[Given data]
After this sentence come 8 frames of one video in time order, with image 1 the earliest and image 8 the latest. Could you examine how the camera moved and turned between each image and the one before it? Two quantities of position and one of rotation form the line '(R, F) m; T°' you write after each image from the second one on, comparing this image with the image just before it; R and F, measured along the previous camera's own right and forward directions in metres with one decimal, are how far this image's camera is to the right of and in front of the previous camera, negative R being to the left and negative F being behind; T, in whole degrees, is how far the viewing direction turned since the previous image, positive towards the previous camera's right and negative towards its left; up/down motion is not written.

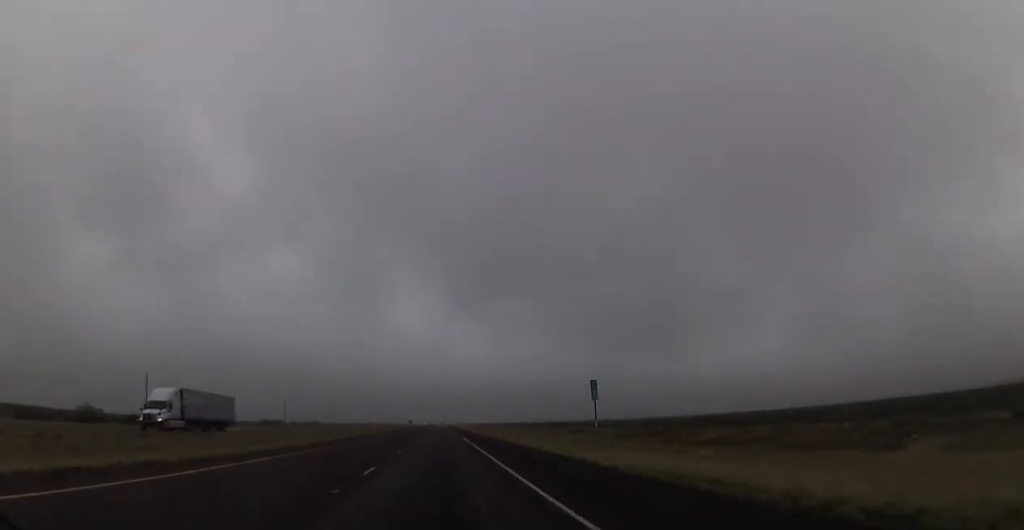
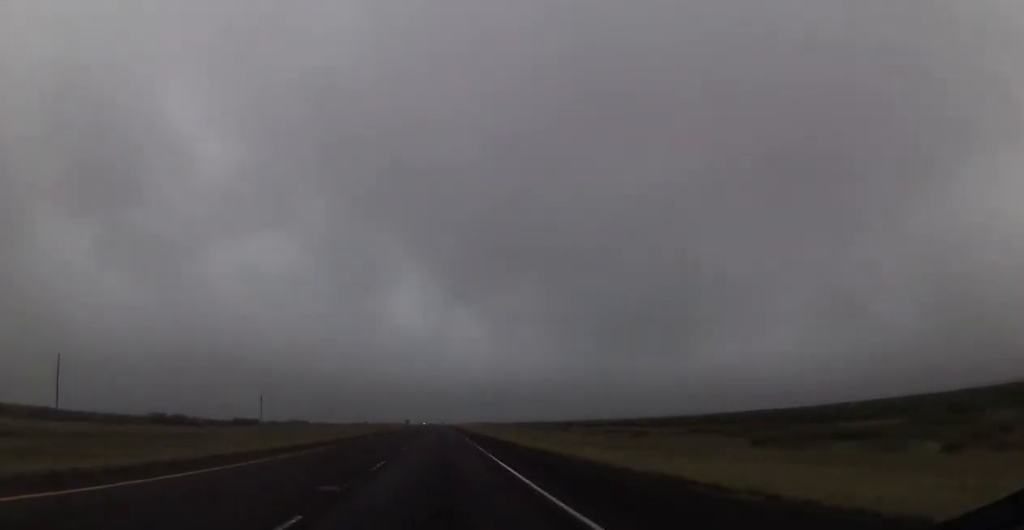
(0.0, +34.8) m; 0°
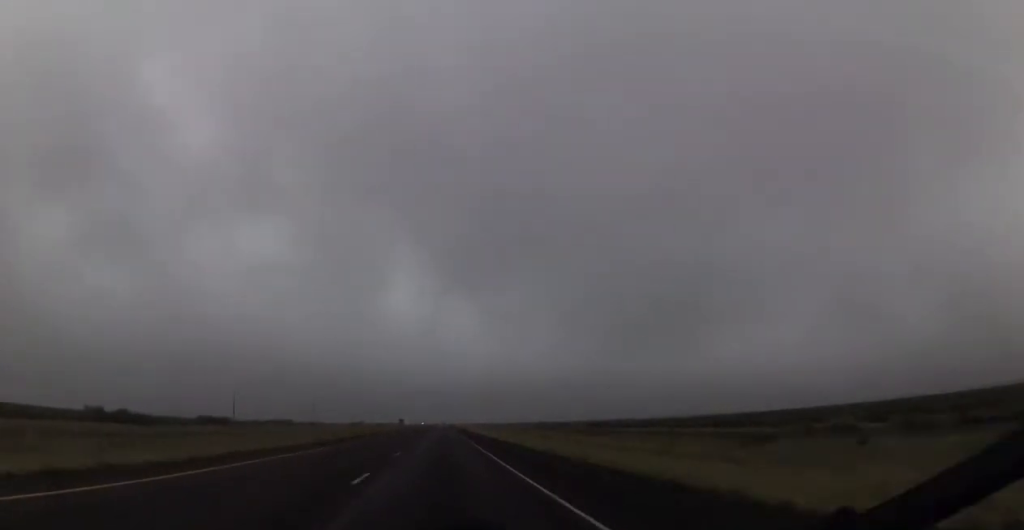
(0.0, +29.0) m; 0°
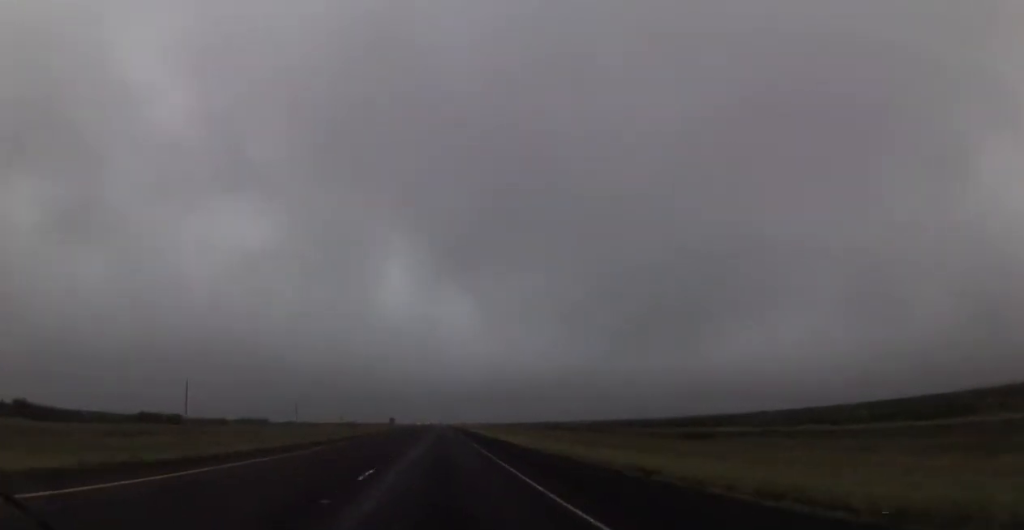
(-0.3, +36.0) m; -1°
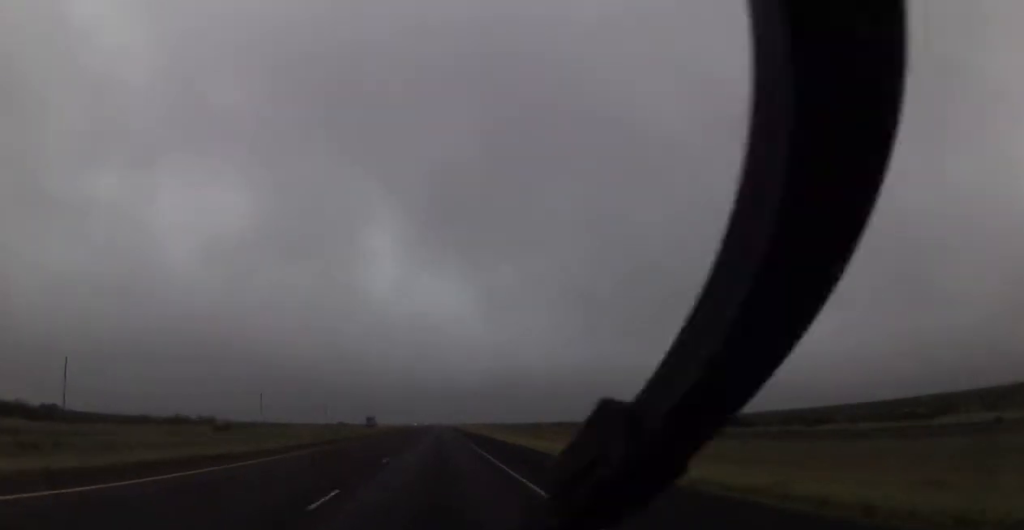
(+0.4, +54.6) m; +1°
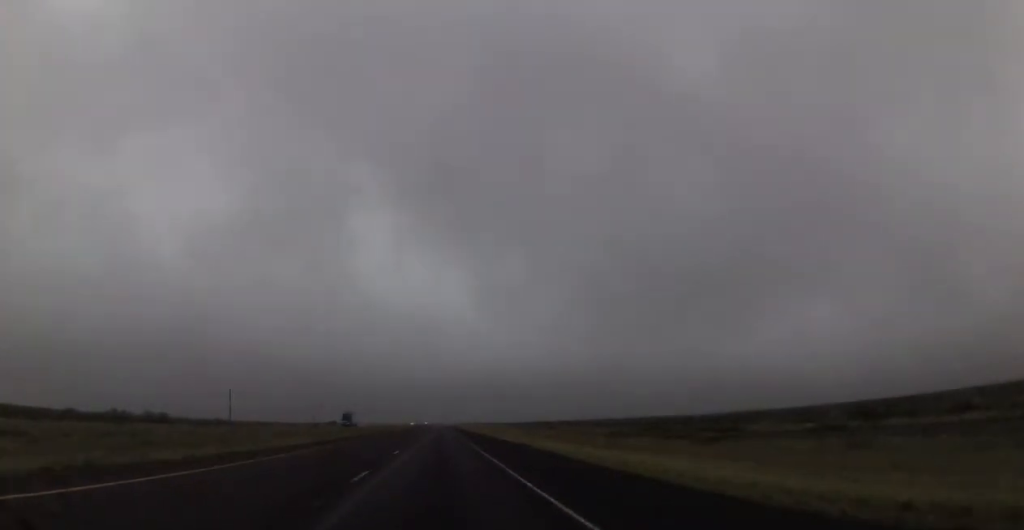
(+0.1, +32.5) m; 0°
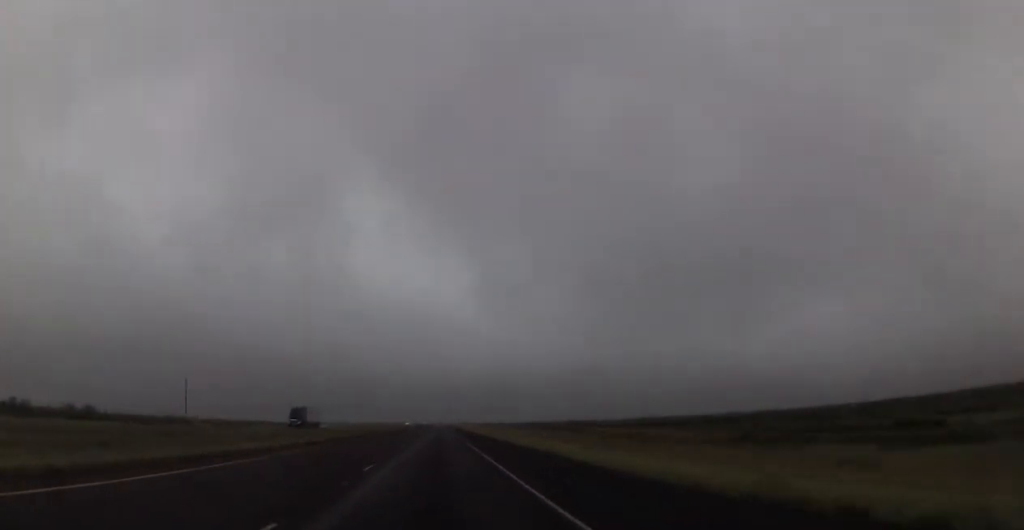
(0.0, +33.6) m; 0°
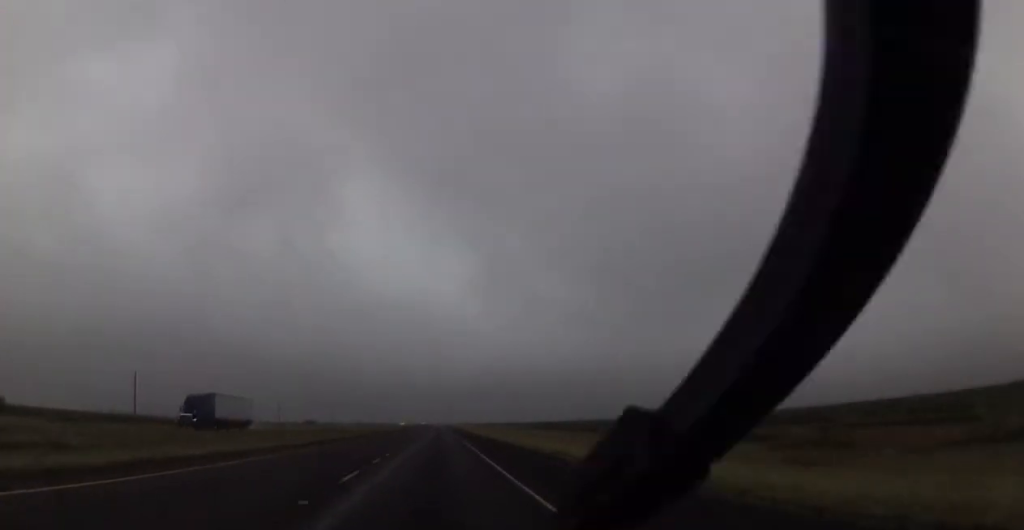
(0.0, +27.8) m; 0°
[/Given data]
* **Work to be completed**: Without copying any images, transcribe the records exactly as they stand.

* **Exercise response**:
After this sentence come 8 frames of one video in time order, with image 1 the earliest and image 8 the latest. Could you examine how the camera moved and turned between each image and the one before it? Two quantities of position and one of rotation form the line '(R, F) m; T°' you write after each image from the second one on, comparing this image with the image just before it; R and F, measured along the previous camera's own right and forward directions in metres with one decimal, are how far this image's camera is to the right of and in front of the previous camera, negative R being to the left and negative F being behind; T, in whole degrees, is how far the viewing direction turned since the previous image, positive towards the previous camera's right and negative towards its left; up/down motion is not written.

(0.0, +34.8) m; 0°
(0.0, +29.0) m; 0°
(-0.3, +36.0) m; -1°
(+0.4, +54.6) m; +1°
(+0.1, +32.5) m; 0°
(0.0, +33.6) m; 0°
(0.0, +27.8) m; 0°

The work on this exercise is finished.